Le guetteur, de Christophe Boltanski (suivi d'un entretien avec l'auteur), lu par Antoine Leiris, 7h17.
Mais qui guette qui ? Lorsque le narrateur découvre dans l’appartement de sa mère le manuscrit d’un polar qu’elle avait entamé, «Le guetteur», il est intrigué. Elle qui aimait le frisson, pourquoi s’est-elle coupée du monde, mise à espionner ses voisins et à tenir le compte des cigarettes fumées et des verres de vins bus ? Comment vivait cette femme fantasque et insaisissable ? Elle a vécu à Paris avec pour seul compagnon son chien Chips. Maintenant qu’elle est morte, le mystère autour d’elle s’épaissit. Alors il décide de la prendre en filature. Et de remonter le temps. Est-ce dans ses années d’études à la Sorbonne, en pleine guerre d’Algérie, où on tracte et l’on se planque, que la jeune femme militante bascule ? «Le guetteur» est le roman bouleversant d’une femme qui s’est perdue. La quête d’un fils qui cherche à retrouver sa mère. La confirmation d’un grand écrivain.

Avec toutes mes sympathies, d'Olivia Lamberterie, lu par l'auteur, 6h32.
« Les mots des autres m’ont nourrie, portée, infusé leur énergie et leurs émotions. Jusqu’à la mort de mon frère, le 14 octobre 2015 à Montréal, je ne voyais pas la nécessité d’écrire. Le suicide d’Alex m’a transpercée de chagrin, m’a mise aussi dans une colère folle. Parce qu’un suicide, c’est la double peine, la violence de la disparition génère un silence gêné qui prend toute la place, empêchant même de se souvenir des jours heureux. Moi, je ne voulais pas me taire. Alex était un être flamboyant, il a eu une existence belle, pleine, passionnante, aimante et aimée. Il s’est battu contre la mélancolie, elle a gagné. Raconter son courage, dire le bonheur que j’ai eu de l’avoir comme frère, m’a semblé vital. Je ne voulais ni faire mon deuil ni céder à la désolation. Je désirais inventer une manière joyeuse d’être triste. Les morts peuvent nous rendre plus libres, plus vivants. » O. L.

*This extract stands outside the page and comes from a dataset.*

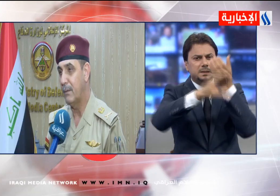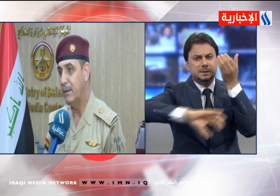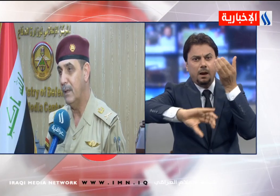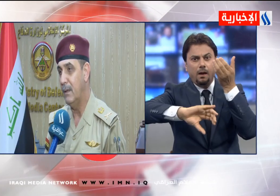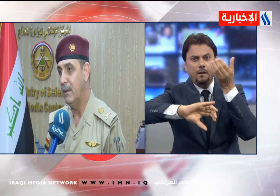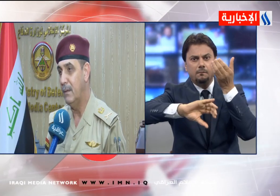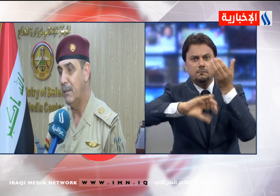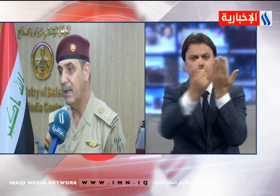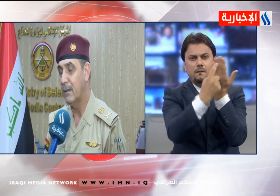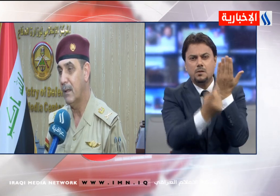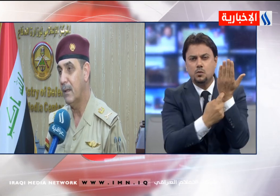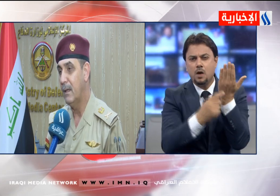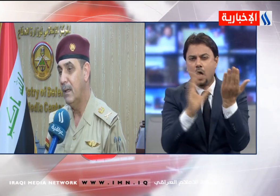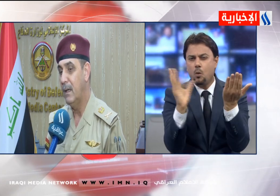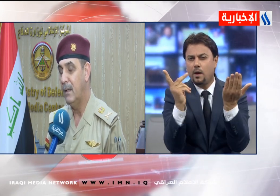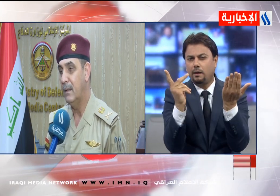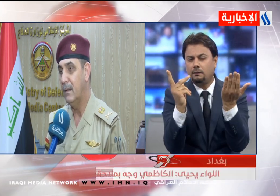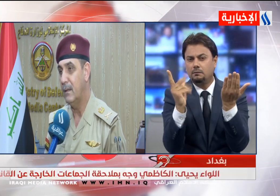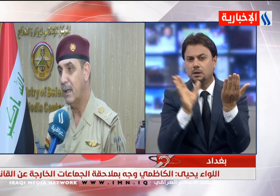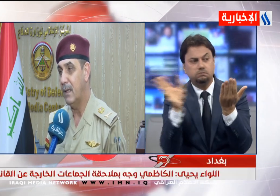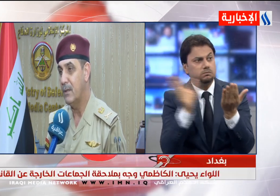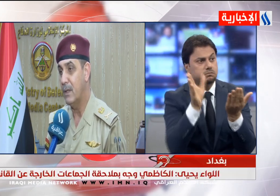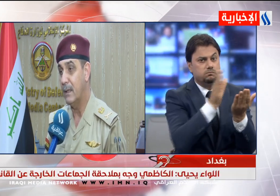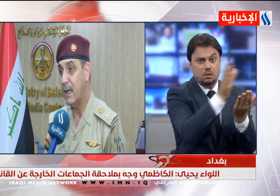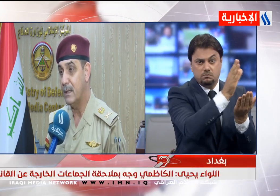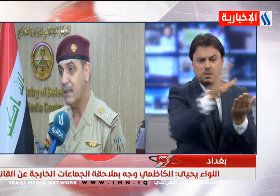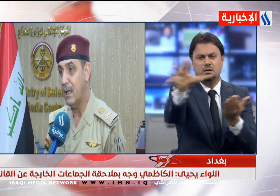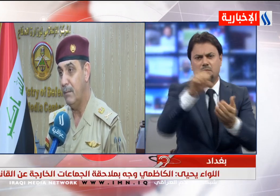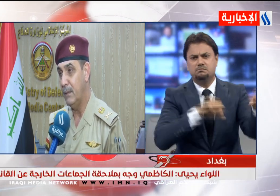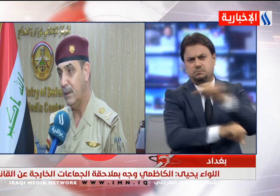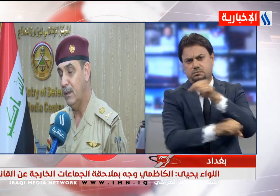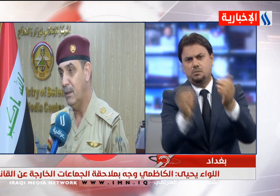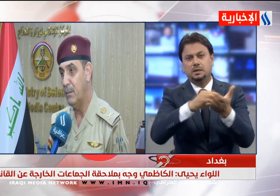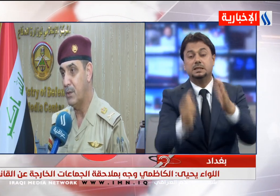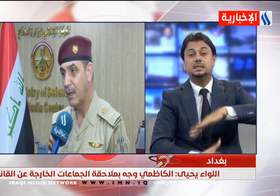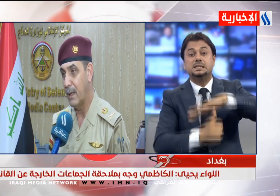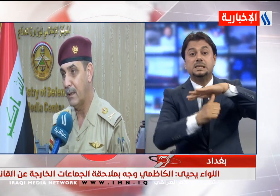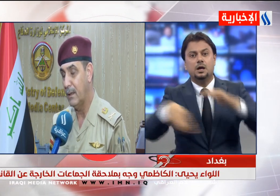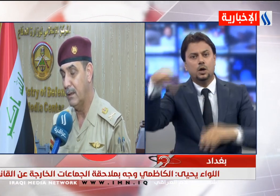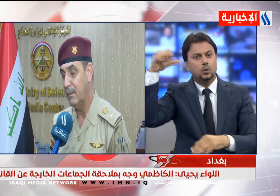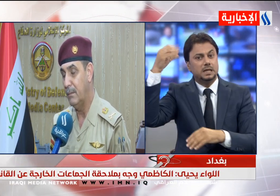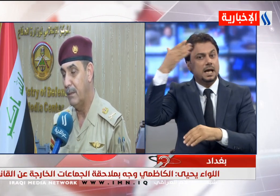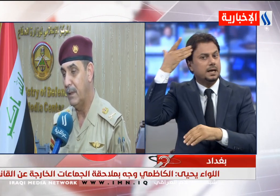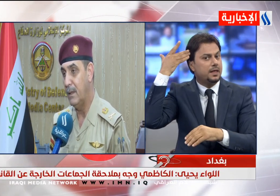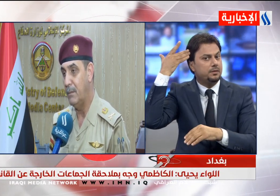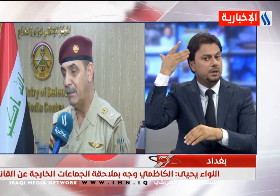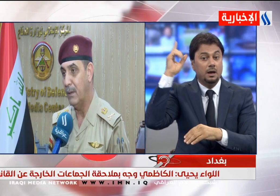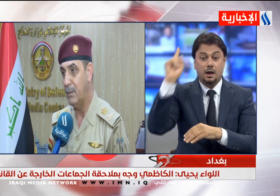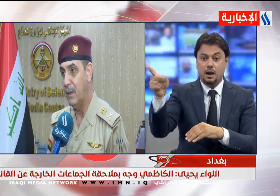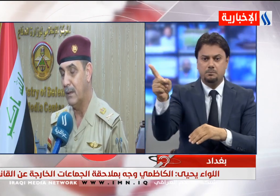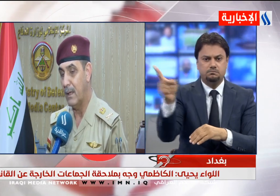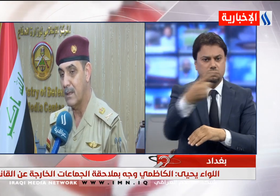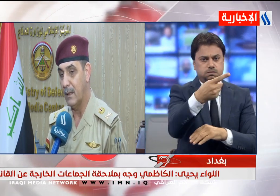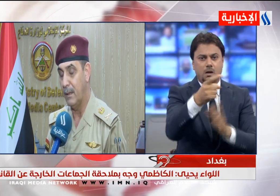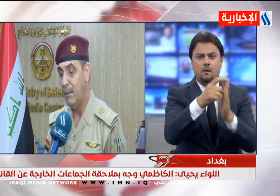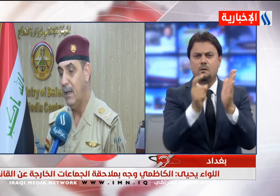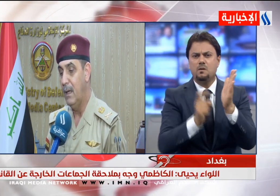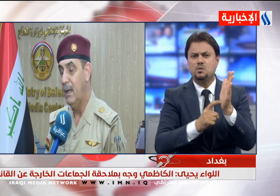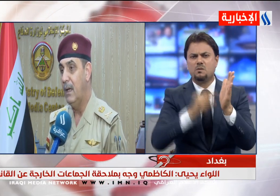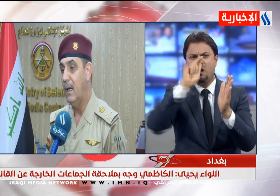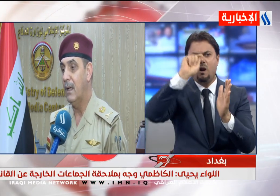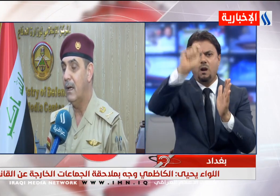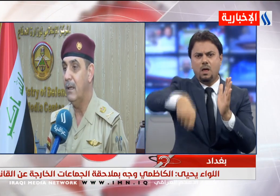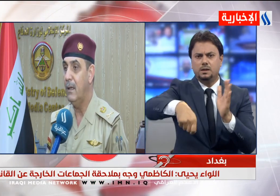السلاح المنفلت حيث وجه القائد العام للقوات المسلحة رئيس الوزراء مصطفى الكاظمي بفرض قوة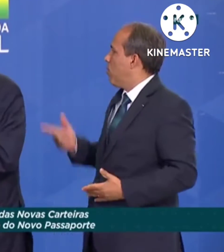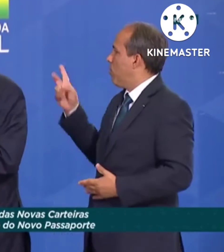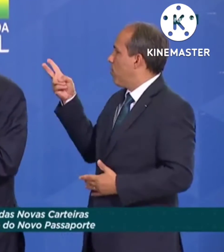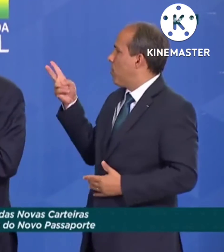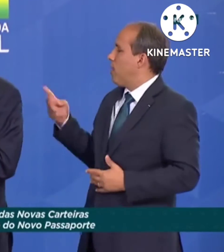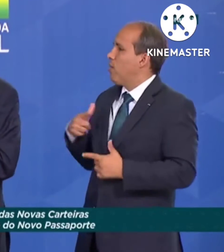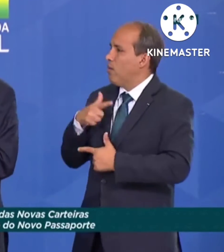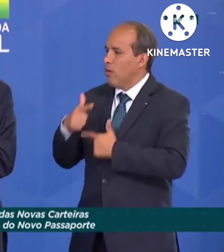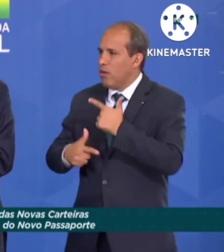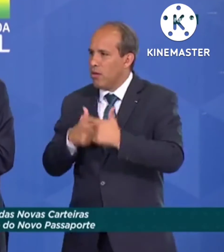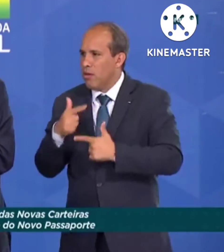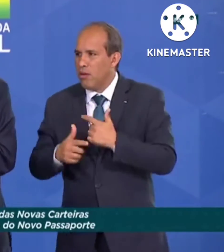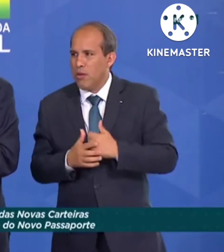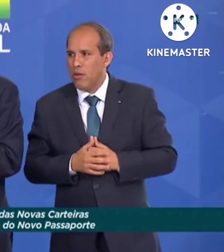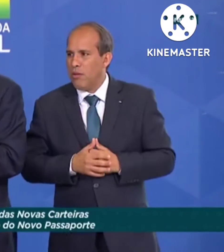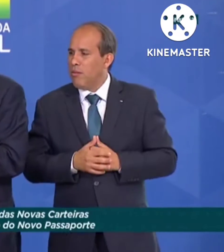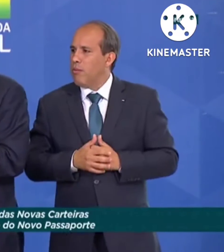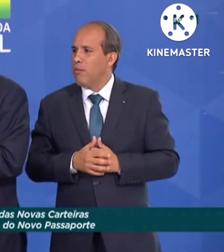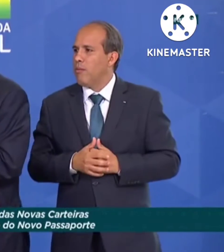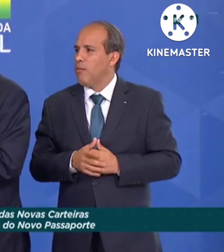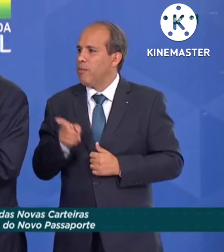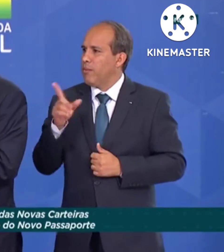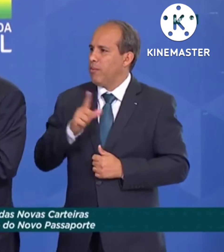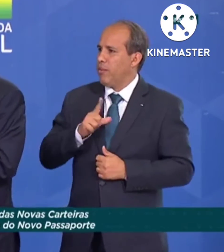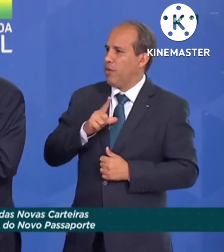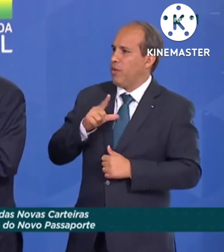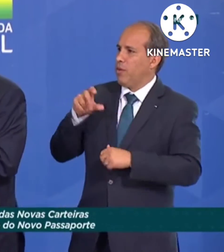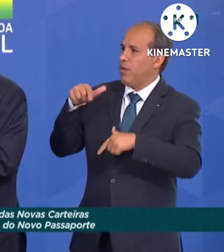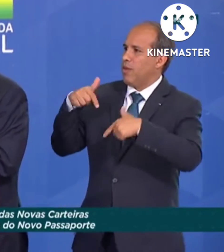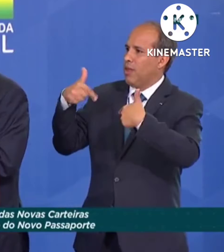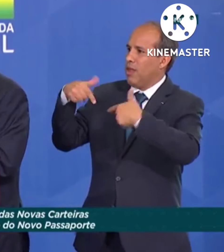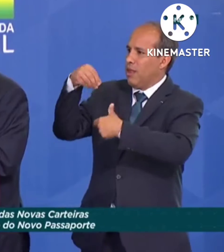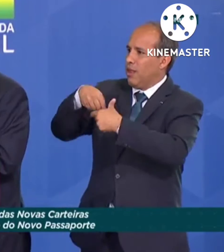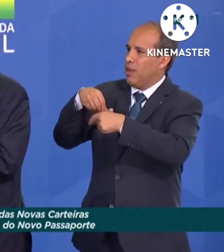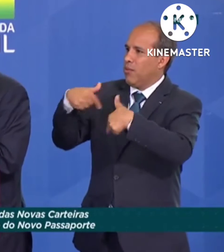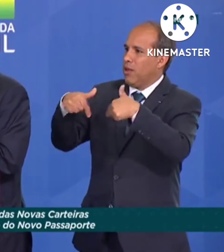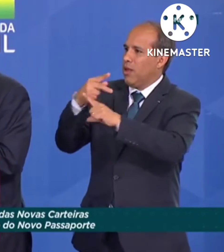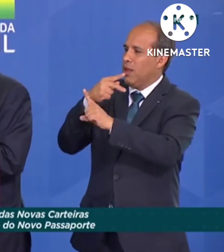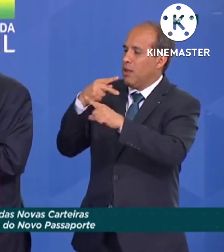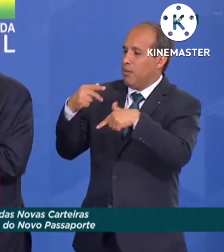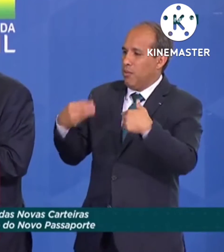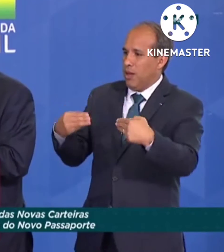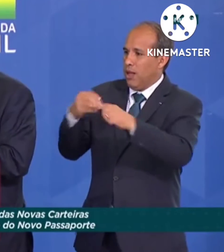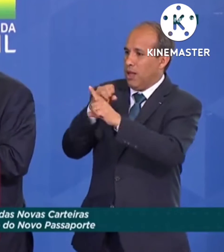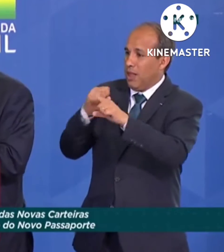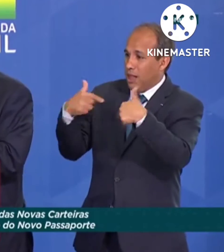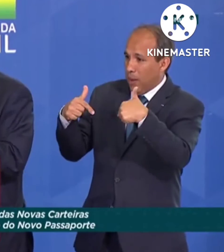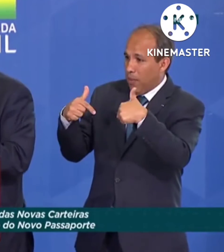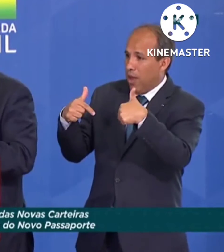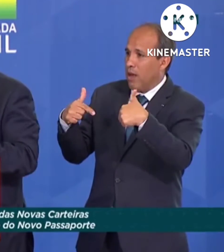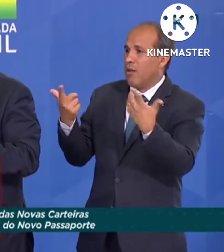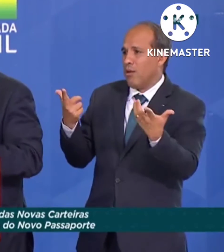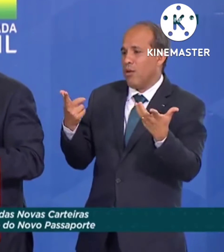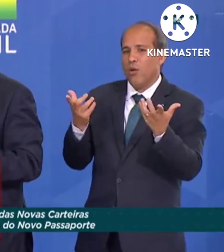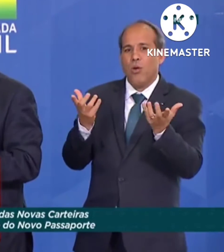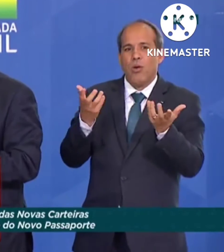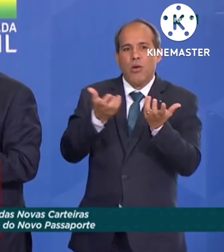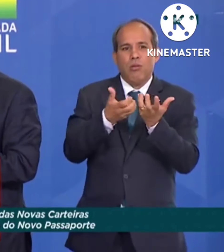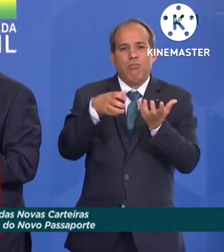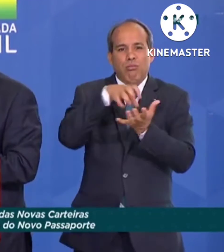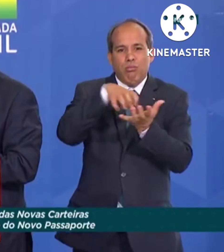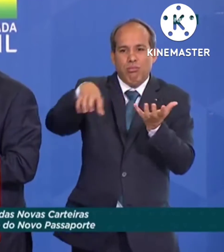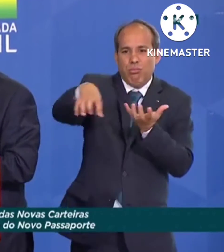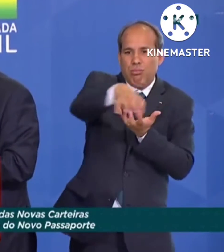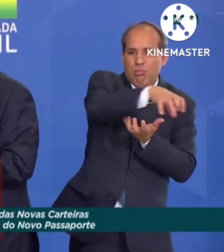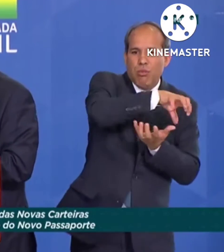agora está na AGU, à época ele estava no Ministério do Trabalho. Então, a equipe digitalizou praticamente o

L'art de la joie, de Goliarda Sapienza, lu par Valérie Muzzi, 23h10.
« Comment pouvais-je le savoir si la vie ne me le disait pas ? Comment pouvais- je savoir que le bonheur le plus grand était caché dans les années apparemment les plus sombres de mon existence ? S’abandonner à la vie sans peur, toujours… Et maintenant encore, entre sifflements de trains et portes claquées, la vie m’appelle et je dois y aller. »
«L’art de la joie» est le roman d’une vie, celle de Modesta. Née le 1er janvier 1900 dans une famille miséreuse de Sicile, farouche et insoumise, la jeune femme nous entraîne sur le chemin d’une liberté qui gagne irrésistiblement le lecteur. L’édition définitive de ce texte, devenu un classique de la littérature italienne, a été établie par Angelo Maria Pellegrino, qui fut le dernier compagnon de l’autrice et sauva ce roman culte de l’oubli.

Dernière danse, de Mary Higgins Clark, lu par Adeline Chetail, 6h22.
Musique, rires et flirts : on n’est pas sérieux quand on a presque dix-huit ans! Kerry profite de l’absence de ses parents pour organiser une grande fête de fin d’année. Ce sera sa dernière danse : au petit matin, le corps sans vie de la jeune fille est retrouvé au fond de la piscine. La thèse de l’accident écartée, la famille de Kerry doit se résigner à l’idée qu’elle a été tuée par un membre de son cercle proche. Son petit ami, avec lequel elle s’est disputée pendant la fête ? Jamie, le voisin de la famille, dont la mère retrouve une pile de vêtements mouillés dans un coin de sa chambre ? Un de ses camarades de classe ? Aline, sa soeur aînée, qui vient juste d’être nommée conseillère d’orientation dans le lycée de Kerry, est peut-être la mieux placée pour découvrir la vérité. Mais ce sera au péril de sa vie.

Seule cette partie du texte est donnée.